Llama-3.1-SuperNova-Lite is an 8B parameter model developed by Arcee.ai, based on the Llama-3.1-8B-Instruct architecture. It is a distilled version of the larger Llama-3.1-405B-Instruct model, leveraging offline logits extracted from the 405B parameter variant. This 8B variation of Llama-3.1-SuperNova maintains high performance while offering exceptional instruction-following capabilities and domain-specific adaptability.

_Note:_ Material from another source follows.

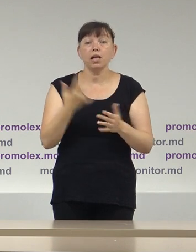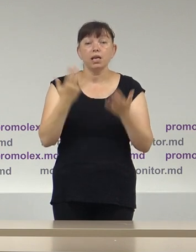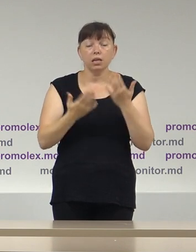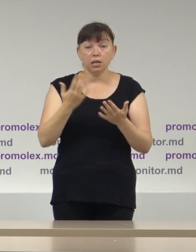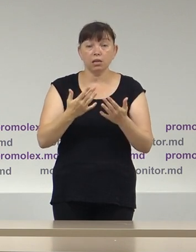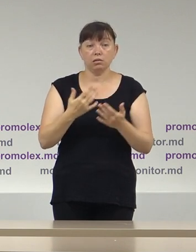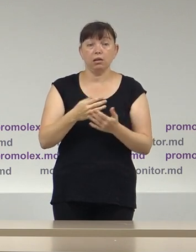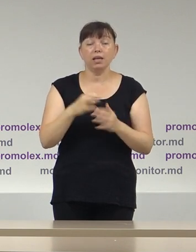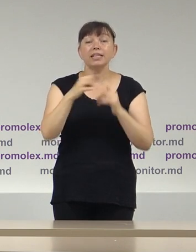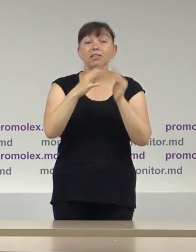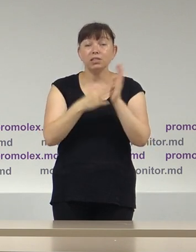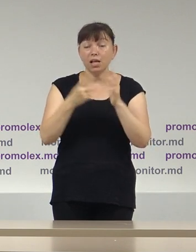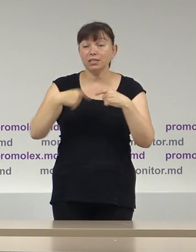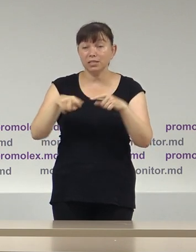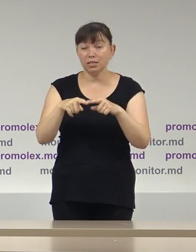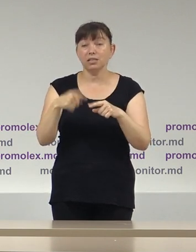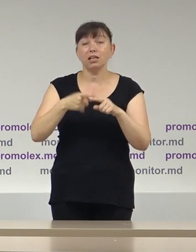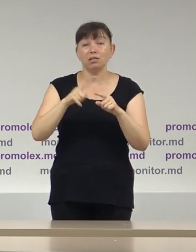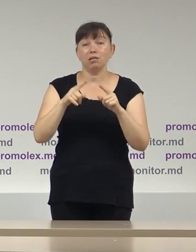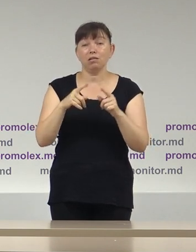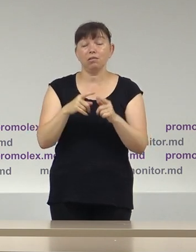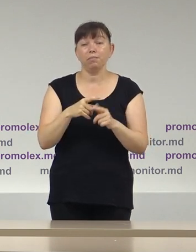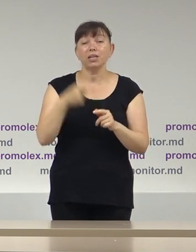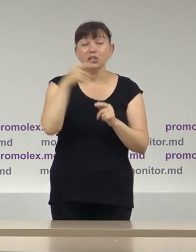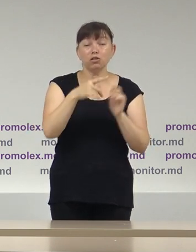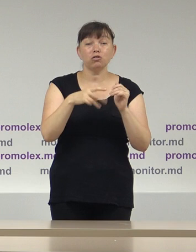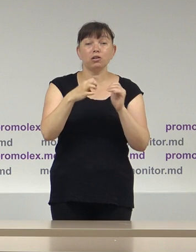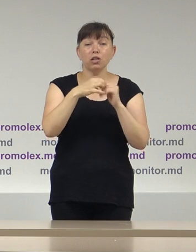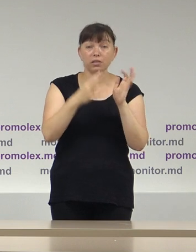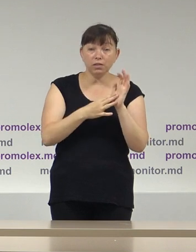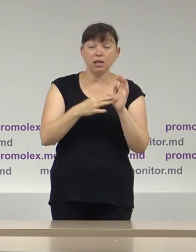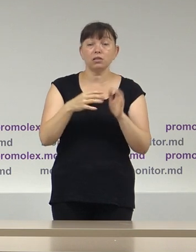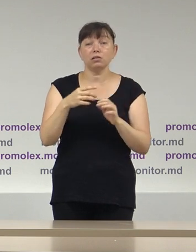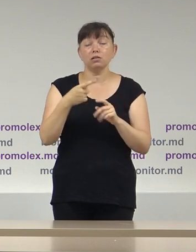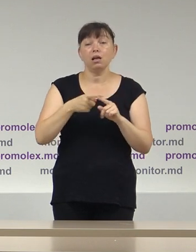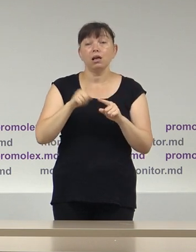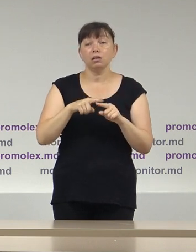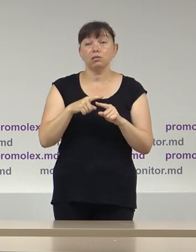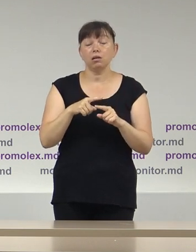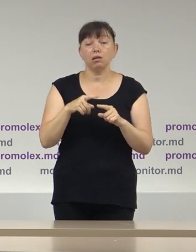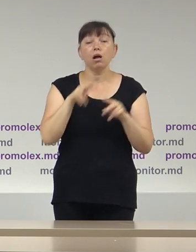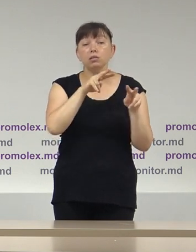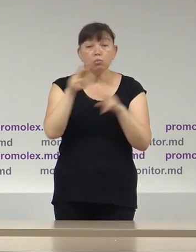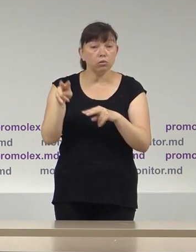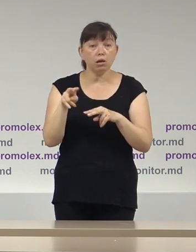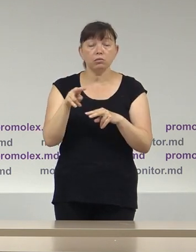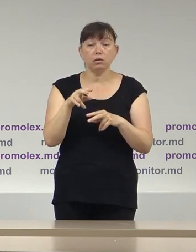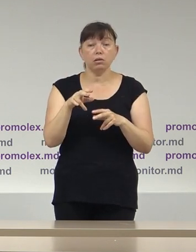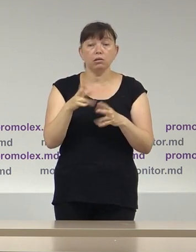1019 secții de votare, adică 80% din cele 1276, observatorii au avut

The model was trained using a state-of-the-art distillation pipeline and an instruction dataset generated with EvolKit, ensuring accuracy and efficiency across a wide range of tasks. For more information on its training, visit blog.arcee.ai.

## Use cases

Llama-3.1-SuperNova-Lite excels in both benchmark performance and real-world applications, providing the power of large-scale models in a more compact, efficient form ideal for organizations seeking high performance with reduced resource requirements.

## Pre-requisites
1. Before running this notebook, please make sure you got this notebook from the model catalog on SageMaker AWS Management Console.
1. **Note**: This notebook contains elements which render correctly in Jupyter interface. Open this notebook from an Amazon SageMaker Notebook Instance or Amazon SageMaker Studio.
1. Ensure that IAM role used has **AmazonSageMakerFullAccess**.

## Contents
1. [Import dependencies](#1.-Import-dependencies)

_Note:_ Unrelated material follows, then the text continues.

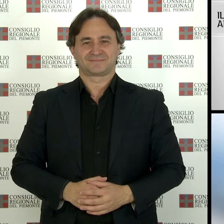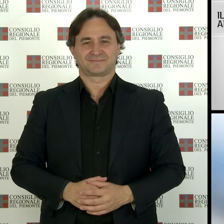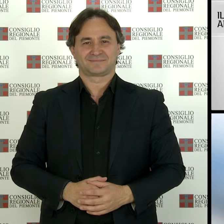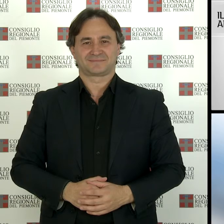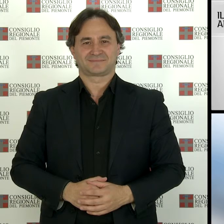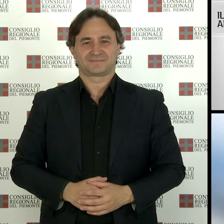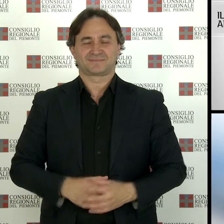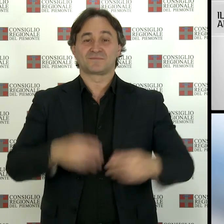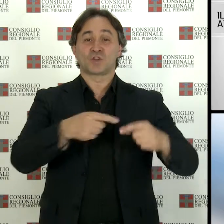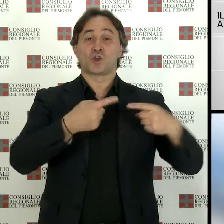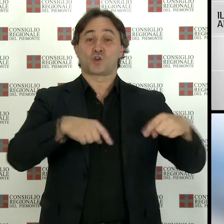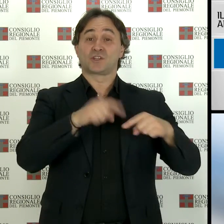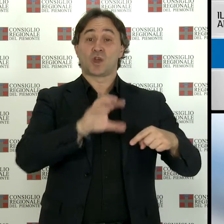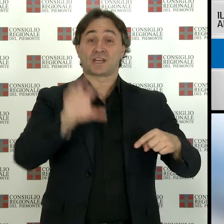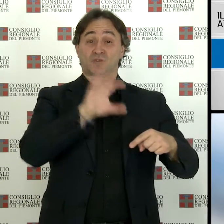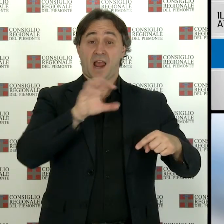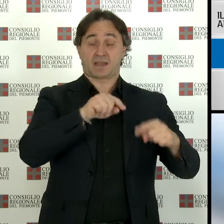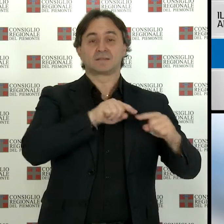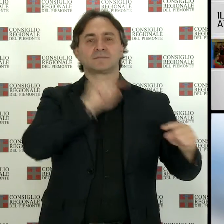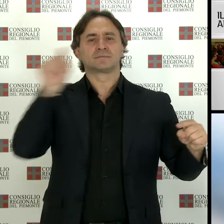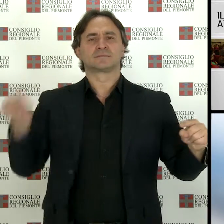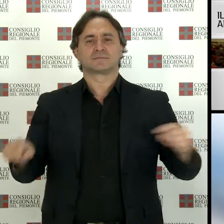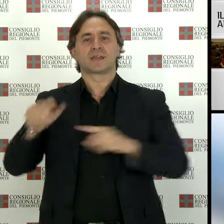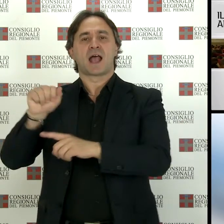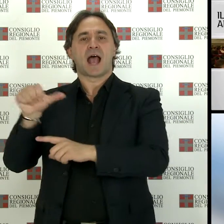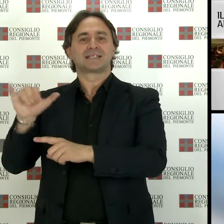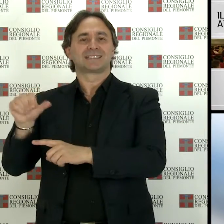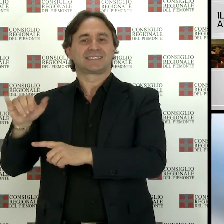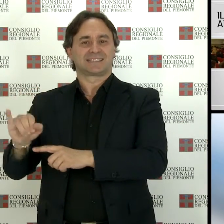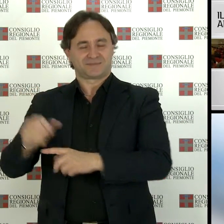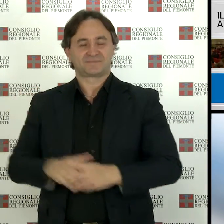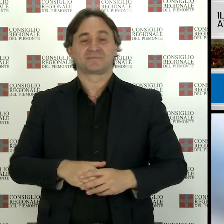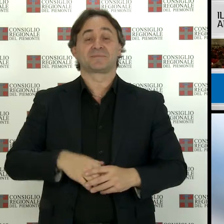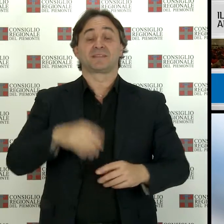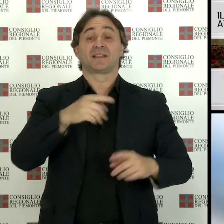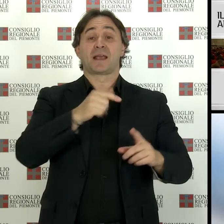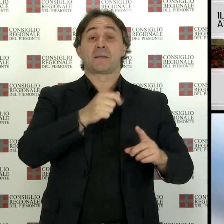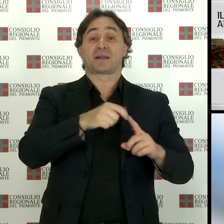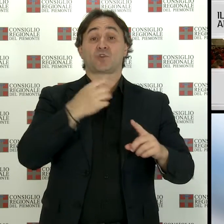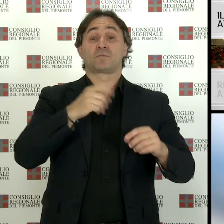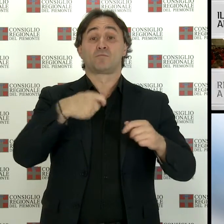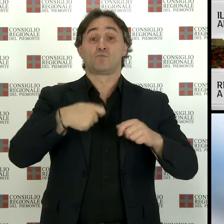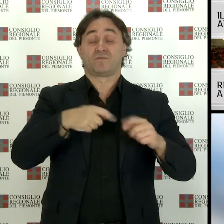Il Consiglio regionale ad Assisi Rise on the movie, i diritti al cinema

2. [Create an endpoint and perform real-time inference](#2.-Create-an-endpoint-and-perform-real-time-inference)
    1. [Define the endpoint configuration](#A.-Define-the-endpoint-configuration)
    2. [Create the endpoint](#B.-Create-the-endpoint)
    3. [Define a test payload](#C.-Define-a-test-payload)
    4. [Perform real-time inference](#D.-Perform-real-time-inference)
    5. [Visualize output](#E.-Visualize-output)
    6. [Perform streaming inference](#F.-Perform-streaming-inference)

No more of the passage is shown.